Embryonic brains were immediately immersed in 4% paraformaldehyde in PBS for 4 h at 4°C. Fixed brains were cryoprotected by sequential immersion in 20% and 30% sucrose in PBS, embedded in OCT compound (Sakura Finetek), and quickly frozen on dry ice. The frozen brains were coronally sectioned at a thickness of 14 µm using a cryostat (CM 1850; Leica Microsystems). IHC was performed as previously described (Ogino et al., 2017). Confocal images were obtained using FV1000 (Olympus) microscopes.
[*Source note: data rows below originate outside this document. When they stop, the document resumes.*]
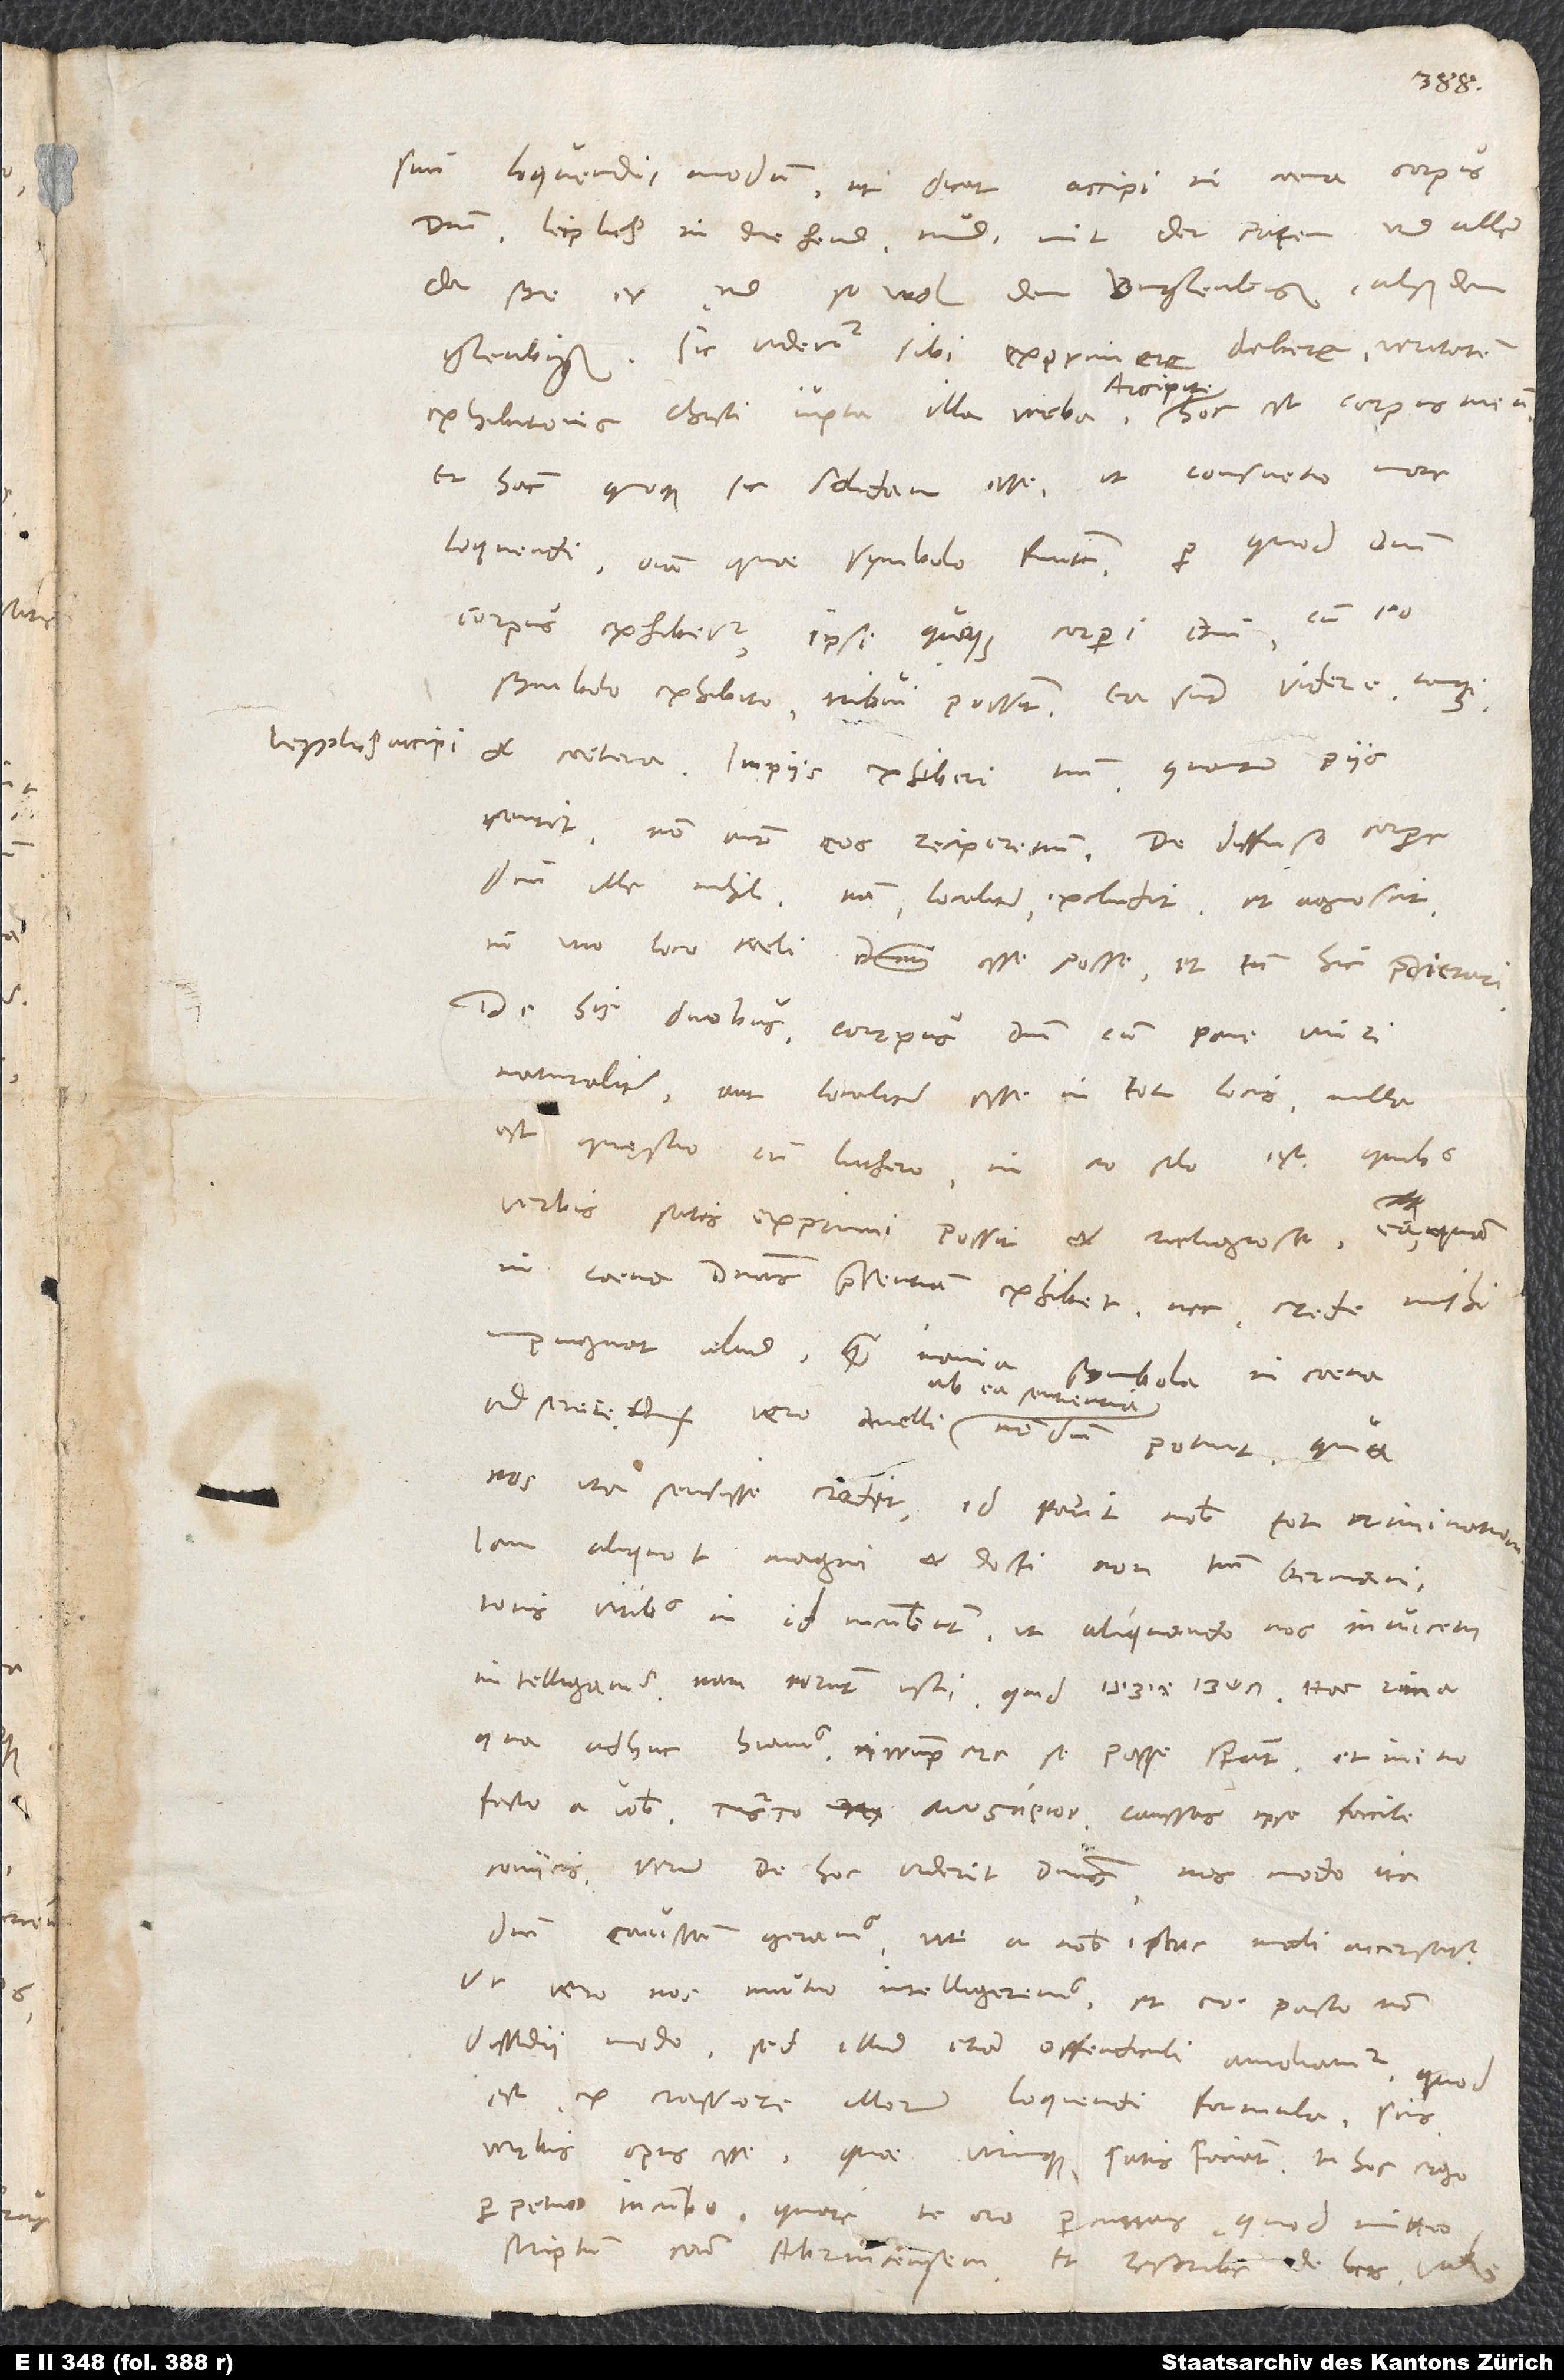
15.
suum loquendi modum, ut dicat accipi in coena corpus
domini leiplich in die hend, mund, mit der paten und allem,
da sye er und so wol den ungleubigen als den
gleubigen. Sic videtur sibi exprimere debere veritatem
modo, sed illud etiam offendiculi amoliamur, quod
est ex crassiore illorum loquendi formula, scis
verbis opus esse, quae utrinque satisfaciant. In hoc ergo
scriptum contra Abrincensem, et rescribe de his.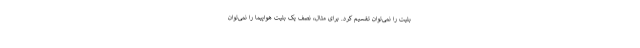
بلیت را نمی‌توان تقسیم کرد. برای مثال، نصف یک بلیت هواپیما را نمی‌توان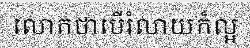
លោកថាបើរំលាយក៏ល្អ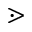
\gtrdot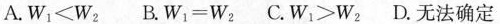
A.$$W _ { 1 } ≤ W _ { 2 }$$ B.$$W _ { 1 } = W _ { 2 }$$ C.$$W _ { 1 } ≥ W _ { 2 }$$ D.无法确定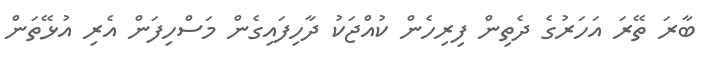
ބާރަ ތޭރަ އަހަރުގެ ދެތިން ފިރިހެން ކުއްޖަކު ދާހިފައިގެން މަސްހިފަން އެރި އުޅޭތަން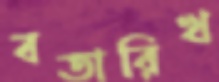
বতারিখ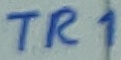
Text: TR1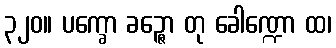
၃၂၀။ ပက္ခော ခဉ္ဇော တု ခေါဏ္ဍော ထ၊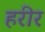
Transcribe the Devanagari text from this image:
हरीर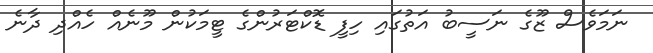
ނަމަވެސް ޒޫގެ ނަސީބު އަތުގައި ހިފީ ޑޮކްޓަރުންގެ ޓީމަކުން މޫނެއް ހެއްދި ދާނެ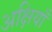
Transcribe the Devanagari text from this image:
अक्षियाँ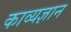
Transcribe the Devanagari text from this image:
काव्यज्ञान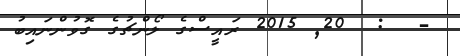
-  :  20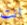
انت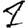
Digit: 1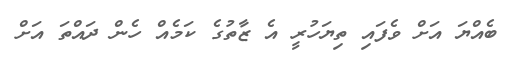
ބެއްޔަ އަށް ވެފައި ތިޔަހުރީ އެ ޒާތުގެ ކަމެއް ހެން ދައްތަ އަށް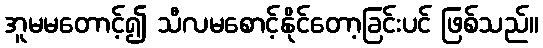
အူမမတောင့်၍ သီလမစောင့်နိုင်တော့ခြင်းပင် ဖြစ်သည်။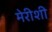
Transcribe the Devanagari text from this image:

For quantifications, we immunostained several sections from each individual mouse, observed them under the microscope, and defined the region of interest by carefully checking the shape and size of the lateral ventricle and the hippocampus and the thickness of the cortical wall. We then counted one section from the primary somatosensory cortex per mouse. The numbers of analyzed mice are given in the figure legends. In addition, in our pilot experiment, we counted several different regions along the anteroposterior axis of the primary somatosensory cortex and found that the magnitude of the difference was almost the same.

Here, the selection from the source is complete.